> **What you need to do**
Make an exact copy of the entries below.

Dataset excerpts:

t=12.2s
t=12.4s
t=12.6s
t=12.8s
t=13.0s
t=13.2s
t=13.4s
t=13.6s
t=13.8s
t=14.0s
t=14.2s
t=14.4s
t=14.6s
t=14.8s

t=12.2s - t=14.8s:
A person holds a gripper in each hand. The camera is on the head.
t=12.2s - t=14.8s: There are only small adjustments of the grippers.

> **Answer area**
t=12.2s
t=12.4s
t=12.6s
t=12.8s
t=13.0s
t=13.2s
t=13.4s
t=13.6s
t=13.8s
t=14.0s
t=14.2s
t=14.4s
t=14.6s
t=14.8s

t=12.2s - t=14.8s:
A person holds a gripper in each hand. The camera is on the head.
t=12.2s - t=14.8s: There are only small adjustments of the grippers.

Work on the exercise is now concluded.